Тянулся душой к морю — и хоть не служил моряком, как отец с его братьями, морю был обязан своим последним взлётом духа.
Даже, казалось бы, второстепенное: природа, сад-огород — и это стало важной частью его судьбы и жизни.
Что же до отроческого и юношеского «резонёрства», то вспомним, что слово это от французского глагола raisonner — рассуждать; философствовать, умничать; обдумывать, — изначально никаких отрицательных значений не выражало, всё это потом «приклеилось». Сызмалу, вольно или невольно, он задумался о смысле жизни и сути бытия, словно был обязан разгадать эту неразрешимую тайну. Смолоду пытался выразить свои мысли. Вначале это, конечно, получалось с помощью чужих книжных слов, — но можно ли за это судить отрока или же не доверять его чистосердечности? Коли бы действительно вырос умничающим пустышкой или занудливым нравоучителем… однако кто больше его в зрелости сторонился скучных поучений и всякой позы.
А самая великая его тайна — поэтический дар. В юные годы почти незаметный, он вдруг разом проявился в молодости, словно за ночь вырос из какого-то таившегося до срока чудесного «зерна». И всё, что ни случилось в жизни, тут же ему пригодилось: и радости с печалями, счастливые мгновения и беды, очарования и разочарования, и непрестанные думы — всё преобразило вдохновенное воображение и отточило в поэтические формулы глубокий ум…
31 августа 1812 года генерал-майор Пётр Андреевич Боратынский написал прошение в Пажеский Его Императорского Величества корпус: «Желая доставить благородному юношеству воспитание и обучение сына покойного брата моего генерал-лейтенанта Абрама Андреевича Боратынского Евгению, определённому по высочайшему повелению в оный корпус в пажи, <…> прошу <…> о принятии упомянутого сына покойного брата моего в число пансионеров на собственное содержание, с получением от меня <…> по пяти сот рублей в год <…>».
Конец августа — разгар Отечественной войны с наполеоновской ордой, вторгшейся на русскую землю: 26 августа наши войска бились на Бородинском поле.
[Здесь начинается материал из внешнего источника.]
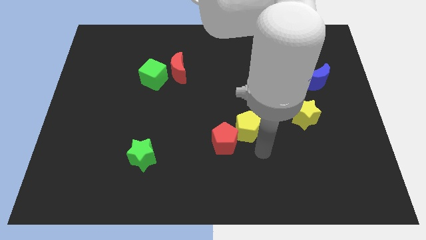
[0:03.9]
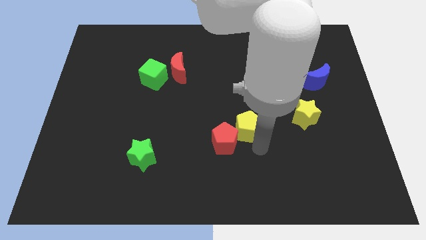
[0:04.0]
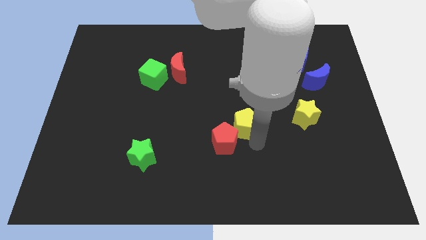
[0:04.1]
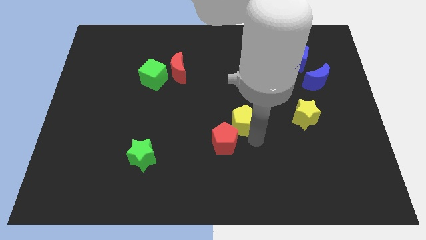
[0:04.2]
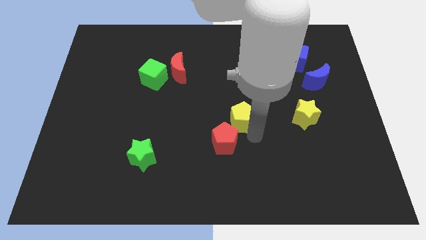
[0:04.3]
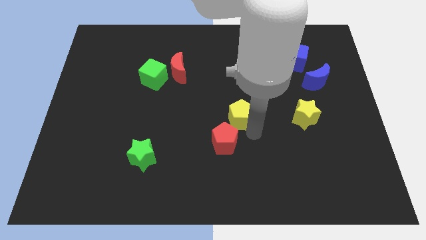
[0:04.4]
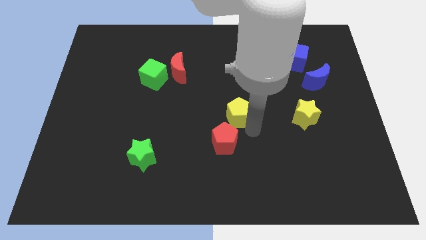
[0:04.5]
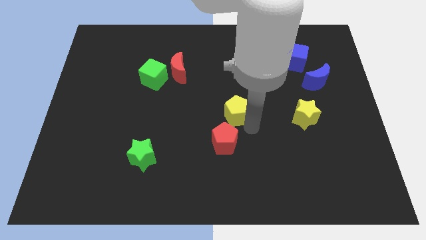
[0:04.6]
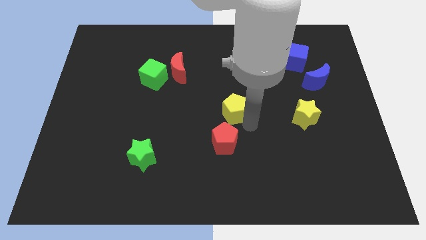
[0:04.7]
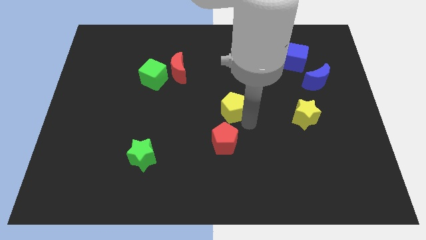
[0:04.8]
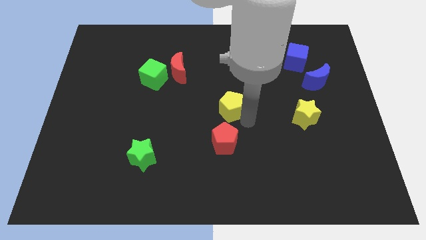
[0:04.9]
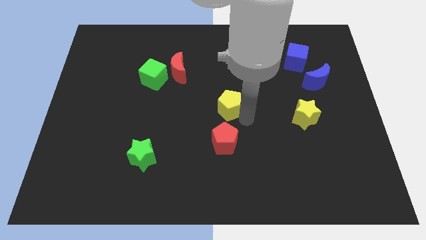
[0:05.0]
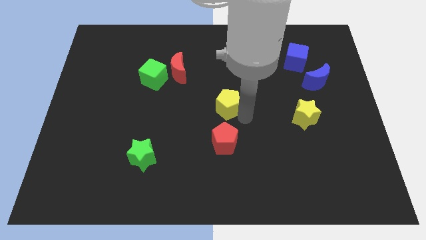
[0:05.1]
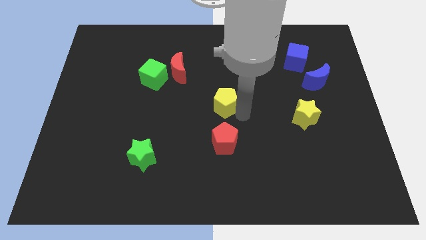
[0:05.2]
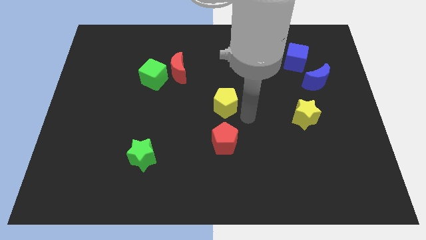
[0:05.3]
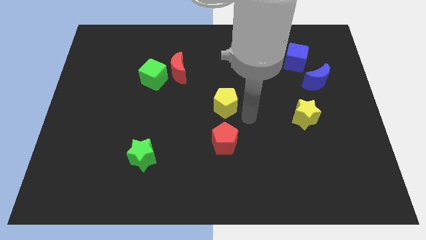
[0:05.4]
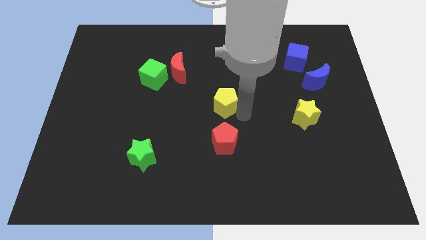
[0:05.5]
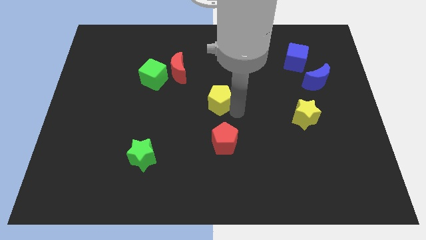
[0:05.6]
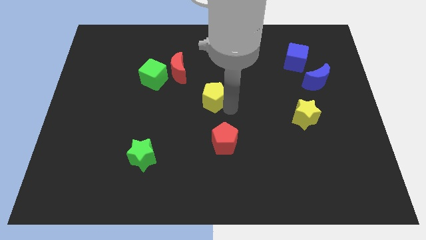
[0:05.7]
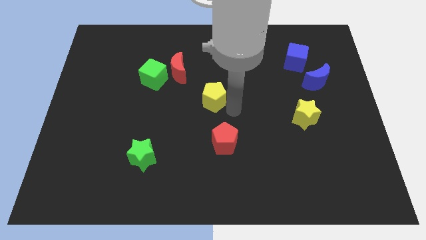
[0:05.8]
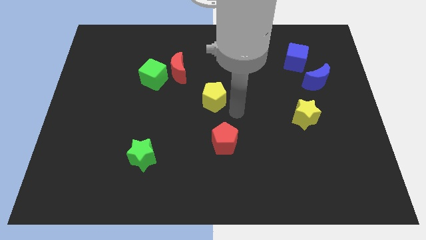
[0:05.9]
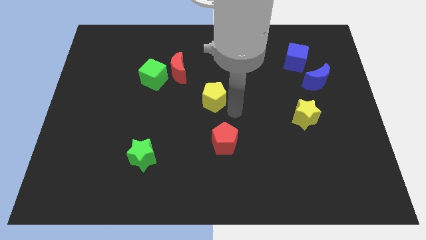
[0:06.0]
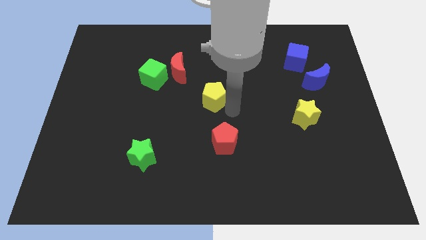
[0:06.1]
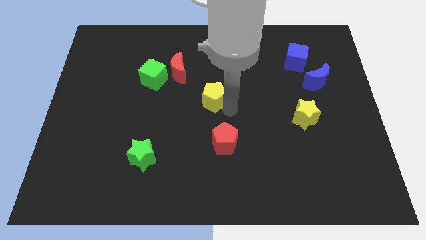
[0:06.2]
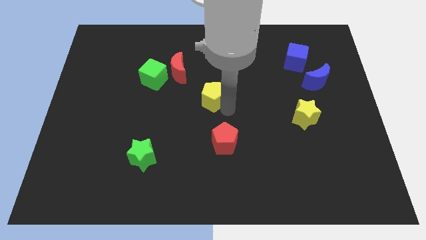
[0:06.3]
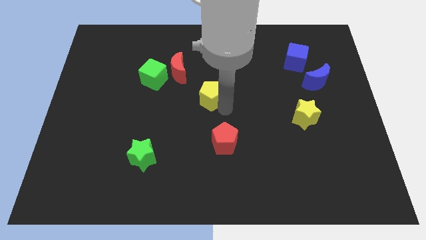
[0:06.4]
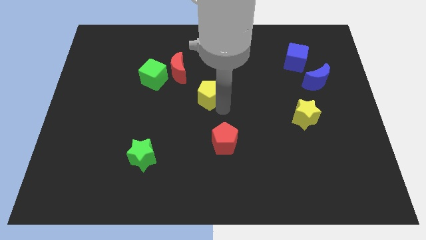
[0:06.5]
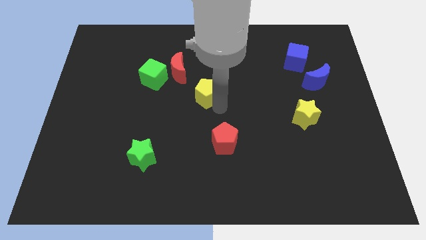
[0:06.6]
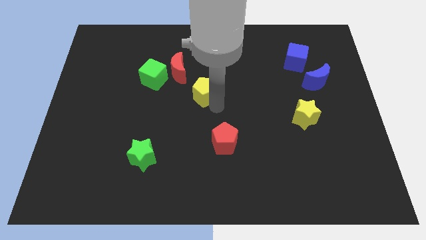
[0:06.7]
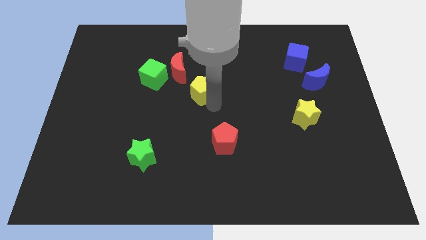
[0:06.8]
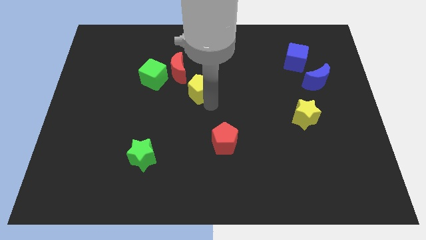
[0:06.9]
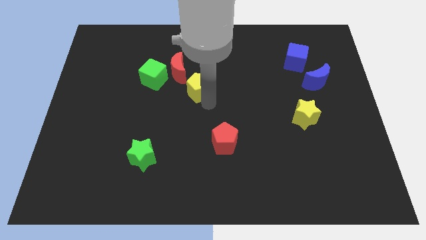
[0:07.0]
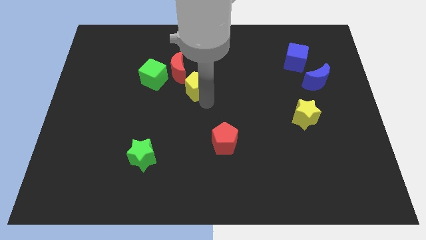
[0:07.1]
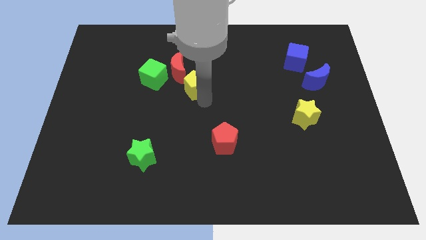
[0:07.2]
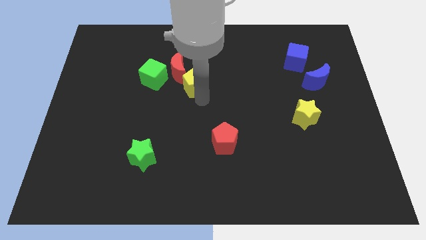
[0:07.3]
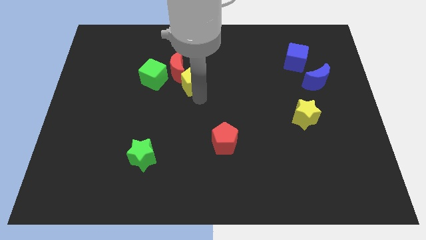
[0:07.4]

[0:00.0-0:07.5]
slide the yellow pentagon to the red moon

А днём позже в Пажеском корпусе состоялся досрочный выпуск: 38 пажей были произведены в офицеры и отправлены в действующую армию. Когда войско Наполеона покинуло сожжённую Москву, распустив слух, что собирается перезимовать в Смоленске, в Петербурге стало тревожно: не будет ли нападения? Но на самом деле французы с «двунадесятью народами» уже бежали. В Пажеский корпус, который чуть ли не хотели эвакуировать, стали набирать новичков.